-- ACTION ITEM --
Return each record word for word and omit the pictures.
━━━━━━━━━━━━━━━━━━━━━━━━━━━━━━
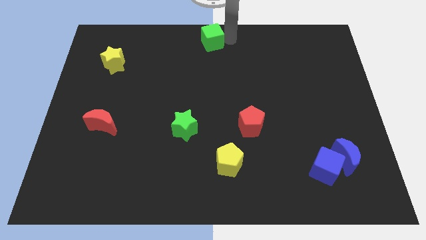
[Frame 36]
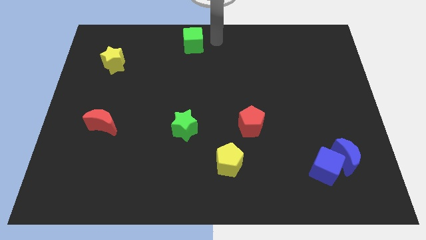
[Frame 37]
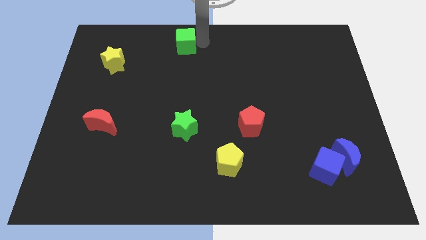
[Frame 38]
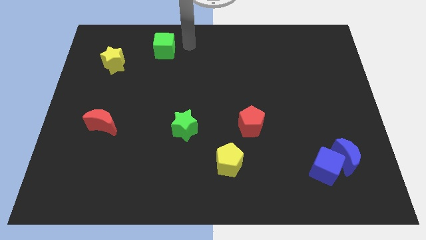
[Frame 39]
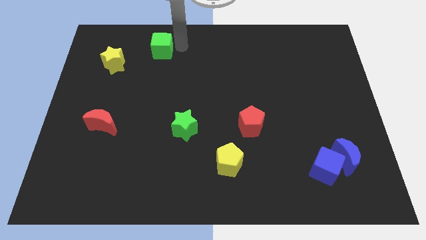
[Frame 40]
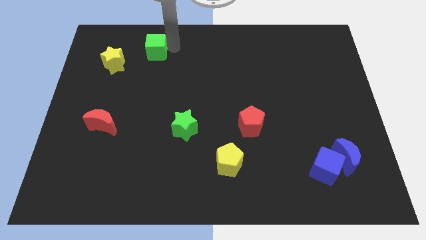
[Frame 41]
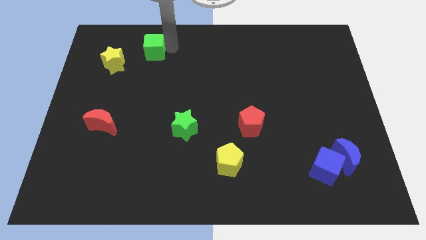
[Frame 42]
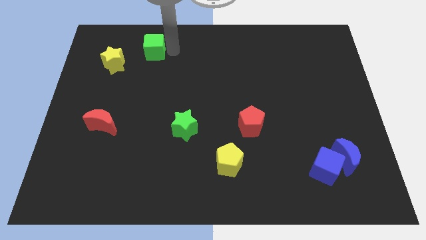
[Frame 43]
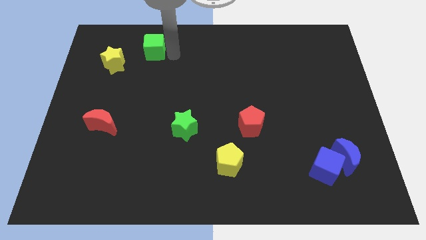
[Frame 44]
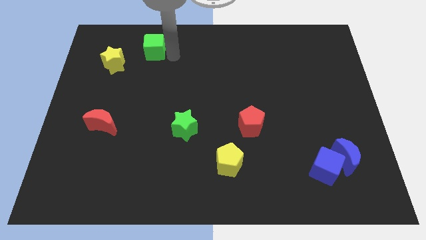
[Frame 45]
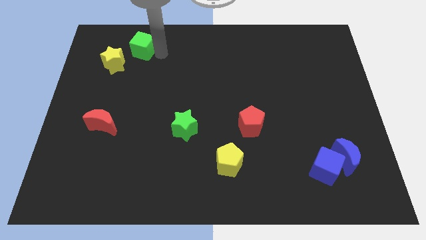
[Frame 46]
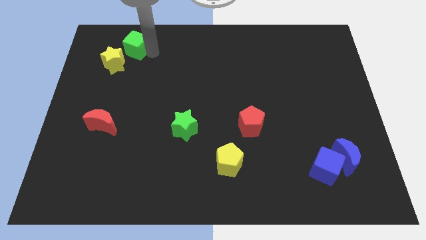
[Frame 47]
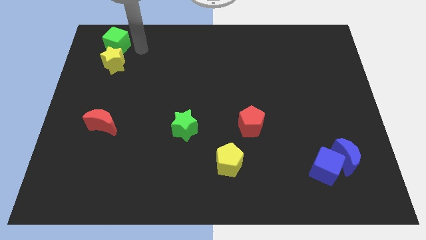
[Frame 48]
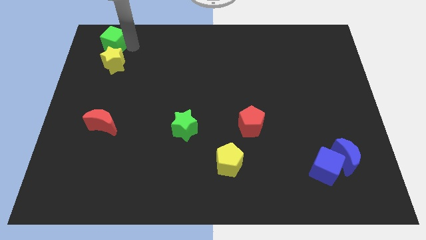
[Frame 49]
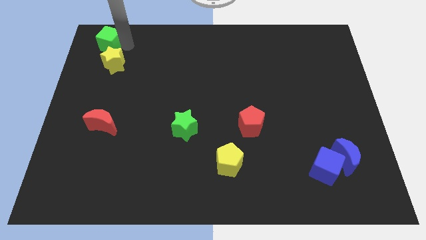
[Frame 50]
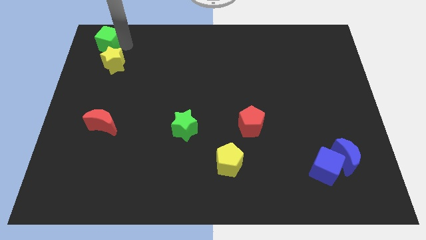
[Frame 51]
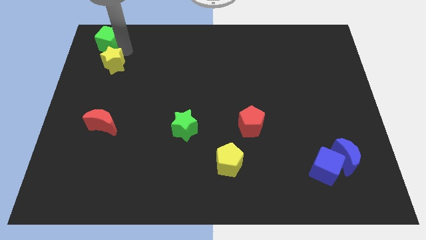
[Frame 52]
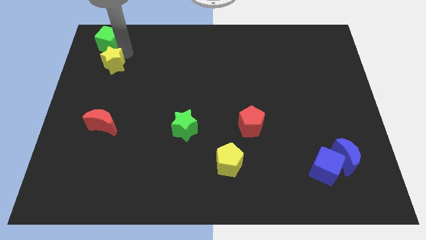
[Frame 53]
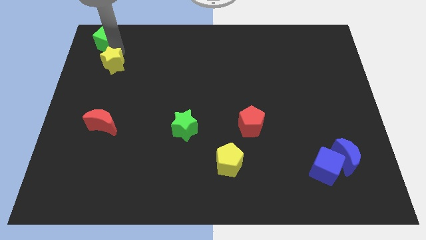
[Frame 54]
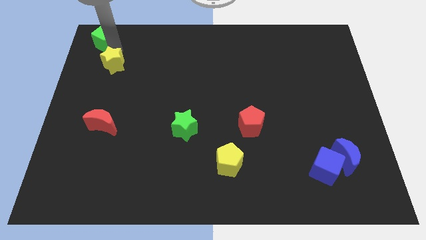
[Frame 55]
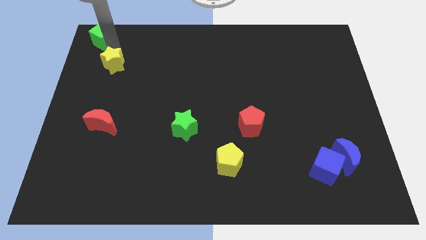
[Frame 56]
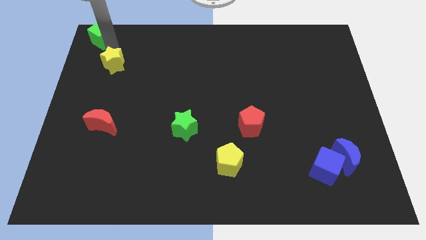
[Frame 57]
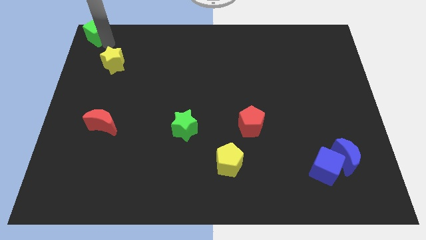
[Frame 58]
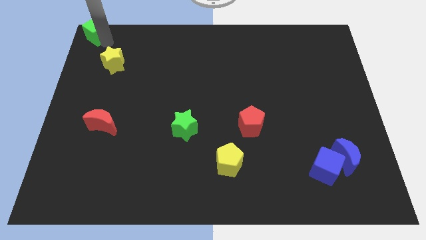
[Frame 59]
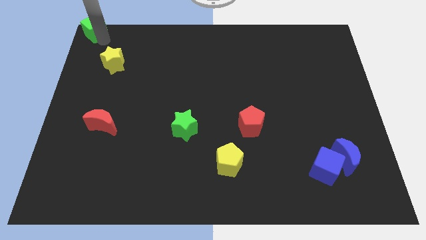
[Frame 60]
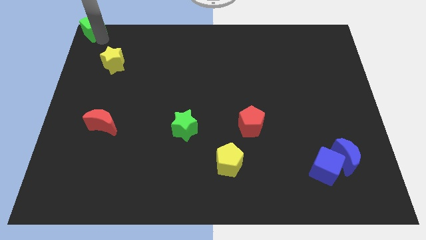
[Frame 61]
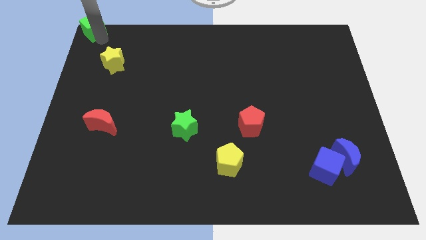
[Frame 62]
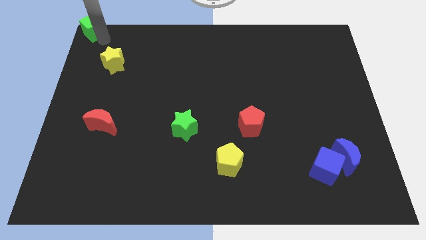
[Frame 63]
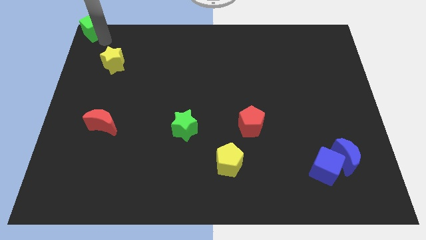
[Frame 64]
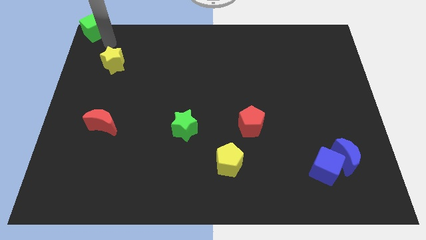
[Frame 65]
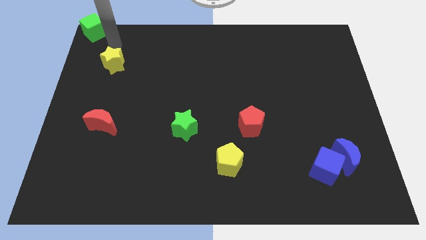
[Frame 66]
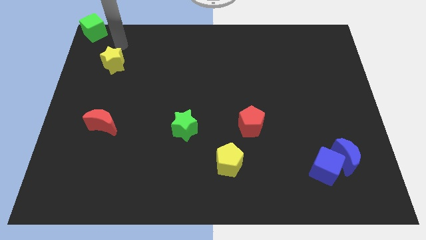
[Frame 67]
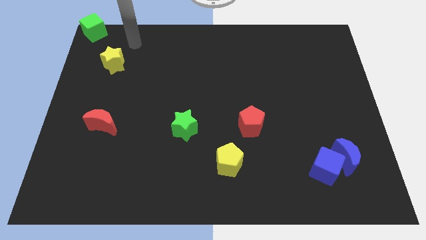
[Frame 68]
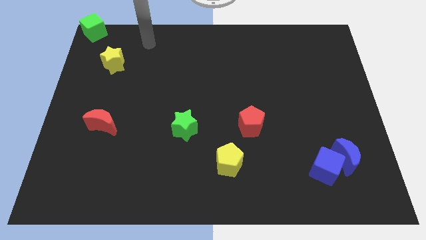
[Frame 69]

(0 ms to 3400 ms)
put the green cube at the top left corner of the board
━━━━━━━━━━━━━━━━━━━━━━━━━━━━━━
-- SOLUTION --
[Frame 36]
[Frame 37]
[Frame 38]
[Frame 39]
[Frame 40]
[Frame 41]
[Frame 42]
[Frame 43]
[Frame 44]
[Frame 45]
[Frame 46]
[Frame 47]
[Frame 48]
[Frame 49]
[Frame 50]
[Frame 51]
[Frame 52]
[Frame 53]
[Frame 54]
[Frame 55]
[Frame 56]
[Frame 57]
[Frame 58]
[Frame 59]
[Frame 60]
[Frame 61]
[Frame 62]
[Frame 63]
[Frame 64]
[Frame 65]
[Frame 66]
[Frame 67]
[Frame 68]
[Frame 69]

(0 ms to 3400 ms)
put the green cube at the top left corner of the board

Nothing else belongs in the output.